Earlier, it has been suggested to elevate intracellular level of heme, a substrate for HO, by adding of heme precursors (Rodriguez et al., 2016). Therefore, we next supplied HeLa cells transfected with EGFP-T2A-NIRFPs-IRES2-HO1 with a precursor of heme synthesis 5-ALA (Figure 1) and FeSO4. Incubation of the control mock-transfected cells with 5-ALA for 12 h resulted in a 6-fold increase of autofluorescence in the 660/20 nm channel (used for imaging of smURFP and miRFP670) and a 12-fold increase of autofluorescence in the 730/45 nm channel (used for imaging of mIFP and miRFP703) (Figure 4).
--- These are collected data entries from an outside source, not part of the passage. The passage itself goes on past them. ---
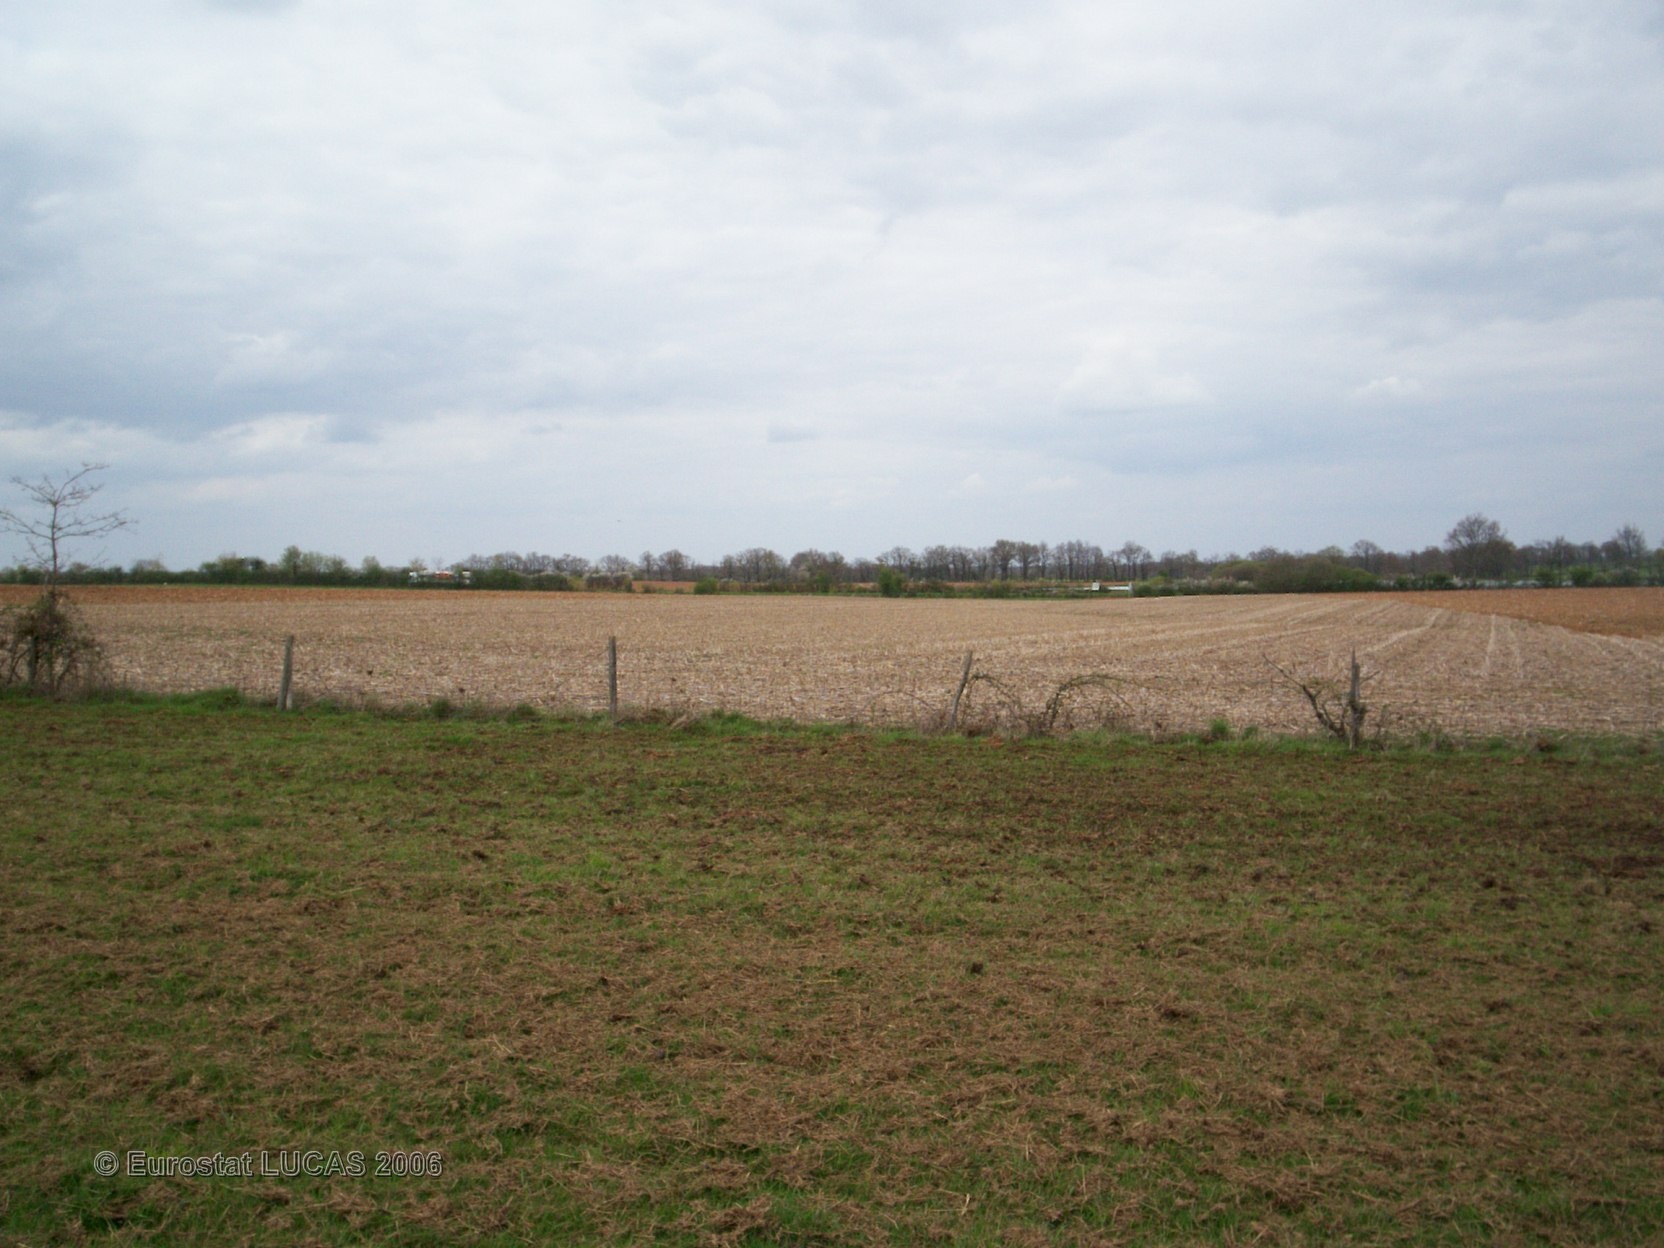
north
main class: Grassland
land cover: Grassland without tree/shrub cover
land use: Agriculture (excluding fallow land and kitchen gardens)
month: April
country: FR
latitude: 46.1135
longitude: 0.5522

After 24 h of incubation with 5-ALA, the cells exhibited up to 21-fold higher NIR autofluorescence. This indicated that HeLa cells actively metabolized 5-ALA and likely accumulated the produced fluorescent PPIX (Figure 1), as observed in cancer cell lines (Krieg et al., 2002; Nemes et al., 2016). After normalization of NIR FP fluorescence to the increased autofluorescence we found that the real effective brightness of all NIR FPs has not changed and remained the same as without 5-ALA (Figure 3b). Moreover, it was reported that PPIX competes with BV for binding of NIR FP apoforms, resulting in non-fluorescent protein-PPIX complexes (Lehtivuori et al., 2013; Wagner et al., 2008). Thus, the treatment of mammalian cells with heme precursors is the inefficient way to increase cellular brightness of suboptimally engineered NIR FPs.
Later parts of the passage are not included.